Good afternoon, colleagues.
This bill, based on the way you have explained it and on the mechanism you are relying on, is a tax-related bill. By its very nature, it would not help people with a fantastic pension who are trying to pull a fast one on the tax authorities. Based on what we know, there would only be these two cases. Mr. Plamondon, you said that there is a third case—MIL-Davie Shipbuilding, which is currently trying to resolve the issue. For all intents and purposes, this is salary that people put aside for retirement, and then, at some point the company went bankrupt. So, we are not talking about a company in difficulty, but rather, one that has shut down and left a financial hole. As I understand it, before I was elected—but Mr. Plamondon knows about this, since he was here before even Jacques Cartier arrived—that hole was identified by the tax authorities, who then plugged the hole saying that a company will only receive a bankruptcy certificate from a judge if it has already paid the amounts that it owes.

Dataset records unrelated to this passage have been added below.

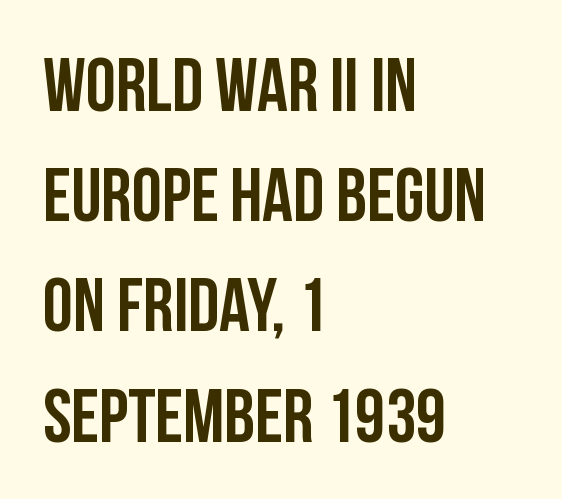
{"serif": "no", "italic": "no", "bold": "yes", "weight": "semibold", "width": "condensed", "stroke_contrast": "low", "x_height": "large", "monospaced": "no", "underline": "no", "align": "left", "line_spacing": "normal", "line_spacing_ratio": 1.45, "letter_spacing": "normal", "letter_spacing_em": 0.0, "glyph_px": 76}
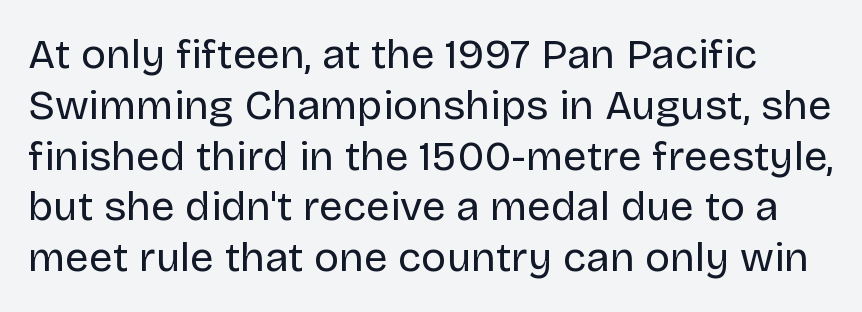
{"serif": "no", "italic": "no", "bold": "no", "weight": "regular", "width": "normal", "stroke_contrast": "low", "x_height": "large", "monospaced": "no", "underline": "no", "line_spacing_ratio": 1.21, "letter_spacing": "normal", "letter_spacing_em": 0.0, "glyph_px": 42}
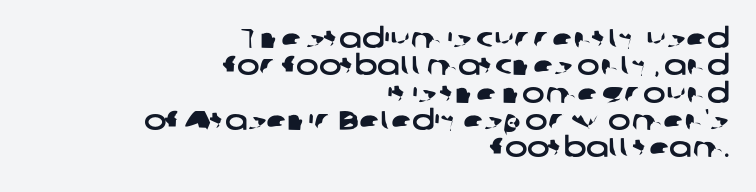
Q: Is the text underlined? A: No.
Q: How is the paragraph aligned? A: Right-aligned.
Q: Is the spacing between letters normal or unusually wide? A: Normal.
Q: Is the spacing between lines tight, normal or loose? A: Tight.
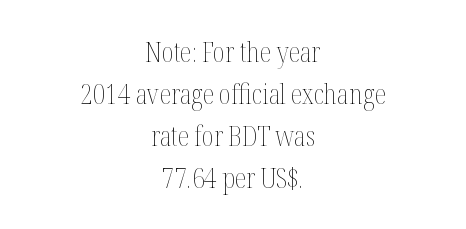
{"italic": "no", "bold": "no", "underline": "no", "align": "center", "line_spacing": "normal", "line_spacing_ratio": 1.55, "letter_spacing": "normal", "letter_spacing_em": 0.0, "glyph_px": 27}
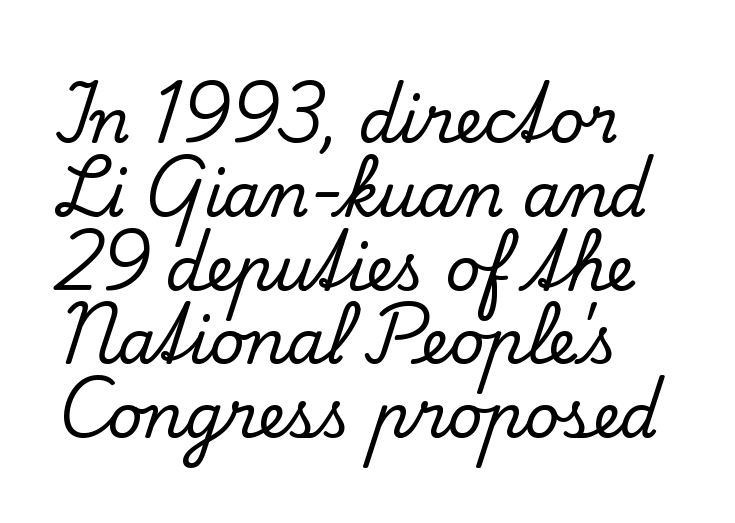
{"serif": "yes", "width": "normal", "stroke_contrast": "low", "x_height": "small", "monospaced": "no", "underline": "no", "line_spacing_ratio": 1.21, "letter_spacing": "normal", "letter_spacing_em": 0.0, "glyph_px": 61}
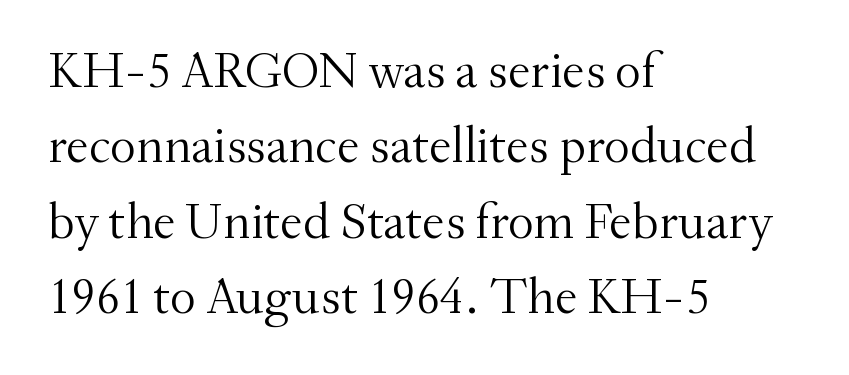
The image shows 51 px light serif type, upright; set left-aligned, normal line spacing (1.48x), normal letter spacing, not underlined; medium stroke contrast and a small x-height.
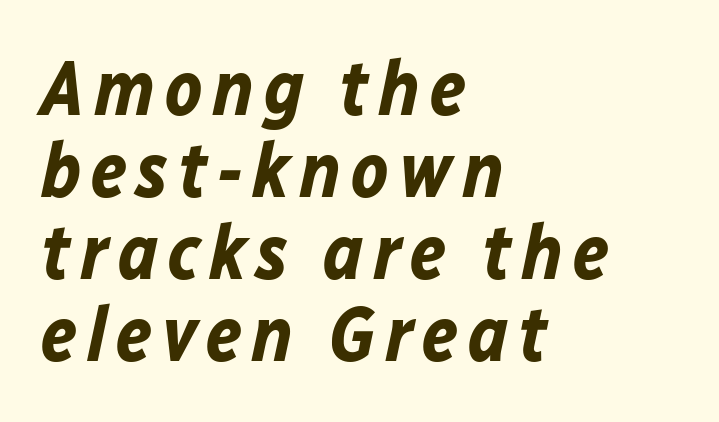
Q: Is the text bold? A: Yes.
Q: Is the text italic (slanted)? A: Yes, it leans right by about 12 degrees.
Q: Is the text underlined? A: No.
Q: How is the paragraph aligned? A: Left-aligned.
Q: Is the spacing between lines tight, normal or loose? A: Tight.
Q: Width (condensed, normal, or wide)? A: Normal.
Q: Stroke contrast? A: Low.
Q: x-height? A: Medium.
Q: Monospaced? A: No.

I would like you to confirm the difference between a company in financial difficulty, which could end up declaring bankruptcy—even if things are going very well right now—and the particular circumstance that this bill aims to address. If it were an open bar, so to speak, there could be huge costs in future, but that is not at all the case. Basically, this is not an open bar. The bar is closed and people had already paid to receive their glass of water.